Сады диссидентов - стр. 42
– Ох!
Послушай, хотел сказать ему Цицерон, у Цицерона Лукинса есть собственные родители, бабушки-дедушки и прочая родня, есть свои покойники, которых надо оплакивать, и ни один из них не еврей, не ирландец и даже близко к ним не стоял. Все они – чернокожие. А ты, рыжеволосый лысеющий призрак с этим твоим вкрадчиво-нейтральным выговором, не выдающим в тебе даже ньюйоркца, – ты волен раствориться в великой белокожей массе. Чего тебе еще надо? Цицерон давно выбрал себе спасительную тропу в жизни: он приучился отличать навалившиеся на его шкуру седла, которые еще можно сбросить, от въевшихся в нее клейм и шрамов, которые суждено носить всю жизнь.
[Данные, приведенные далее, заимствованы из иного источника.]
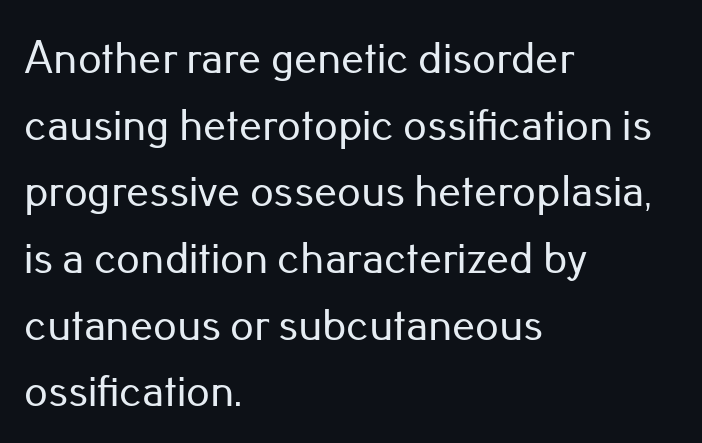
{"serif": "no", "italic": "no", "width": "normal", "stroke_contrast": "low", "x_height": "small", "monospaced": "no", "underline": "no", "align": "left", "line_spacing": "normal", "line_spacing_ratio": 1.45, "letter_spacing": "normal", "letter_spacing_em": 0.0, "glyph_px": 46}
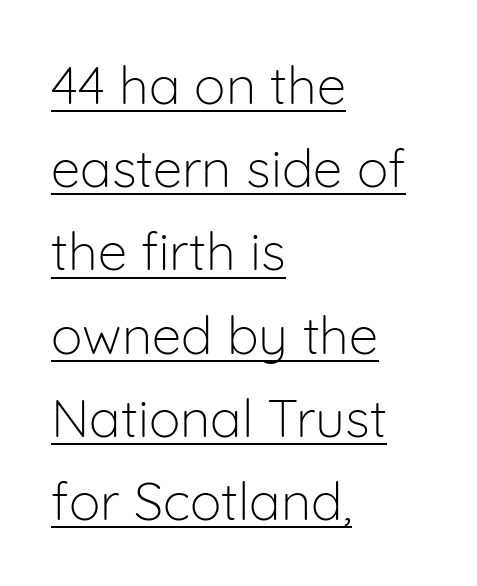
{"serif": "no", "italic": "no", "bold": "no", "weight": "light", "width": "normal", "stroke_contrast": "low", "x_height": "medium", "monospaced": "no", "underline": "yes", "align": "left", "line_spacing": "normal", "line_spacing_ratio": 1.57, "letter_spacing": "normal", "letter_spacing_em": 0.0, "glyph_px": 53}
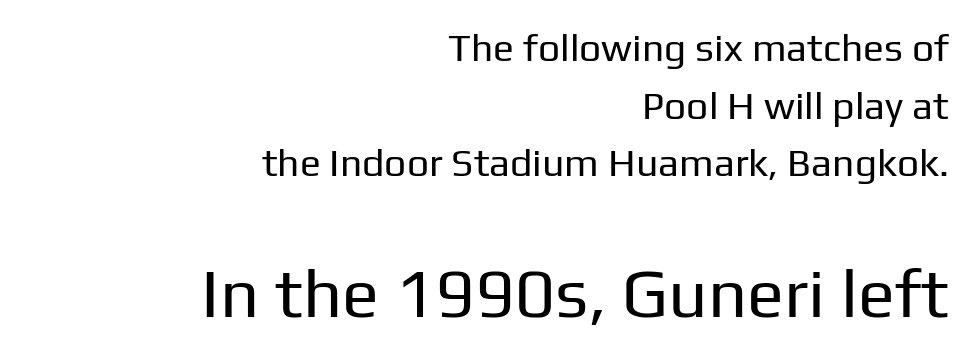
{"serif": "no", "italic": "no", "bold": "no", "weight": "regular", "width": "normal", "stroke_contrast": "low", "x_height": "medium", "monospaced": "no", "underline": "no", "align": "right", "line_spacing": "normal", "line_spacing_ratio": 1.48, "letter_spacing": "normal", "letter_spacing_em": 0.0, "larger_block": "second", "size_ratio": 1.77, "glyph_px": 69}
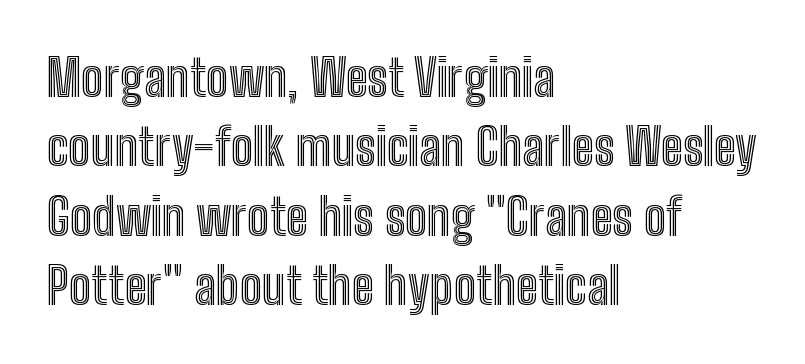
The image shows 50 px condensed type, upright; set left-aligned, normal line spacing (1.39x), normal letter spacing, not underlined; a medium x-height.

Саннисайд и весь Куинс, Роза и Мирьям Циммер, разочаровавшиеся коммунисты, Ленни Ангруш и его разнообразные сумасбродства, – нет, хватит! Все это – седла. И Цицерон отбросил их в сторону. К пятидесяти шести годам он заслужил такое право.
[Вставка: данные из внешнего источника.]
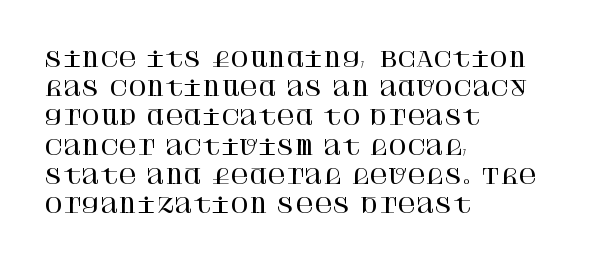
{"italic": "no", "underline": "no", "align": "left", "line_spacing": "normal", "line_spacing_ratio": 1.46, "letter_spacing": "normal", "letter_spacing_em": 0.0, "glyph_px": 20}
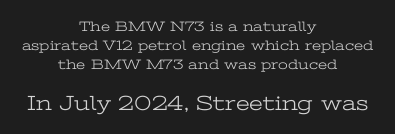
Q: Is the text bold? A: No.
Q: Is the text italic (slanted)? A: No, it is upright.
Q: Is the text underlined? A: No.
Q: How is the paragraph aligned? A: Centered.
Q: Is the spacing between letters normal or unusually wide? A: Normal.
Q: Is the spacing between lines tight, normal or loose? A: Normal.
Q: Which block of text is set in a larger size, the first (top) or the second (bottom)? A: The second (bottom) one.
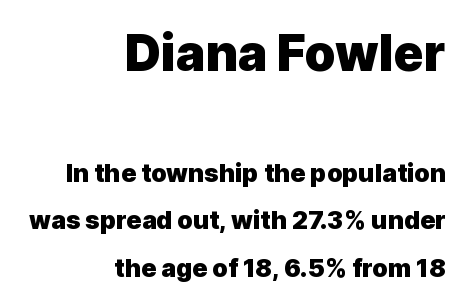
What kind of face is this? One without serifs — a sans. Beneath every word, the page is bare. Spacing between characters is what you'd get straight out of the box. The typesetting leans heavy: a genuine bold. Summary of vertical rhythm: relaxed, with wide interline spacing. Quick note: not italic, upright.
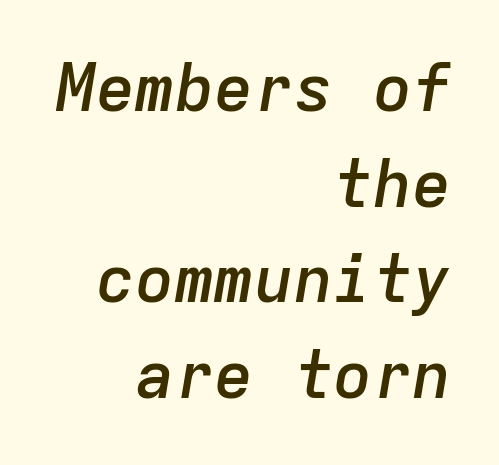
The image shows 66 px semibold type, italic (leaning right), monospaced; set right-aligned, normal line spacing (1.45x), normal letter spacing, not underlined; low stroke contrast and a medium x-height.

Почему это Цицерон Лукинс должен становиться для Серджиуса Гогана каким-то волшебным негром, его Багером Вансом, его Обамой, и дотягивать его до “момента понимания”? Хотя, пожалуй, Цицерон и является таким негром-колдуном для всех. Так сказать, профессиональным волшебным негром. В этом и заключалась его привилегия здесь, в Багинсток-колледже, да и раньше, в Принстоне, тоже. Он становился компасом в духовных странствиях белых гетеросексуалов. Цицерон мастерски направлял стрелку компаса туда, куда ему было нужно, и в точности знал, когда – и сколько именно раз – употребить нецензурное слово, чтобы шокировать их, а когда просто пощекотать их словом “негр” или “негритянский”.
Когда-то давно Цицерон Лукинс сбежал из того мира, о котором теперь расспрашивал его Серджиус. Сбежал от бабки Серджиуса, Розы Циммер. После школы он вырвался из лап Розы, удрал, как до этого удрала от нее дочь Мирьям – мать Серджиуса. Он сбежал из Нью-Йорка в Принстон, в гущу научной жизни. Его успехи на академическом поприще были приятным подношением Розе: надо же, она сотворила чудо – воспитала чернокожего умника! Но эти же успехи и отдалили Цицерона от Розы, дали ему свободу самому творить чудеса, которые ошарашивали и огорчали ее, – а именно, половые и теоретические извращения. Мелкая месть с его стороны: ведь Розин марксизм исчерпывался Марксом. Однажды, когда Цицерон попробовал скормить ей немножко Делёза и Гваттари, она заартачилась.
После окончания курса Цицерон сбежал на запад, в Орегонский университет, желая оказаться подальше от евреев, от Гарлема с его скопищами негров, попасть в такое место, где самого его будут воспринимать иначе – как чужака-эмиссара на границе. Как самую экзотическую рыбу в любом мелком пруду. Потом он нашел работу получше – в Блумингтоне, штат Индиана. Но, как показалось Цицерону, в Индиане по-прежнему пахло ку-клукс-кланом: ему так и мерещилась вонь старых виселиц, гниющих под амбарными крышами. Вскоре, по счастью, подвернулся Багинсток-колледж, где ему предложили учебную нагрузку поменьше – в обмен на право стать ручным медведем города Камбоу. Побережье штата Мэн напоминало Цицерону то, что больше всего полюбилось ему в Орегоне: те же каменистые вольные просторы, то же подчинение человеческой жизни ландшафту. И вот Цицерон отправился на самую окраину города и купил самый дорогой дом в бухте Камбоу-Коув, какой показали ему после долгих уговоров местные торговцы недвижимостью. Так он принялся нахально мозолить глаза соседним кичливым домам. И здесь при первой же возможности он убегал в море. Как-то раз он услышал от коллеги, плававшего с ним вместе, что в одном из индейских языков океан обозначается словом, которое переводится как “лекарство”. Цицерон никогда даже не проверял, соответствует ли это истине, – до того ему полюбилось само сравнение.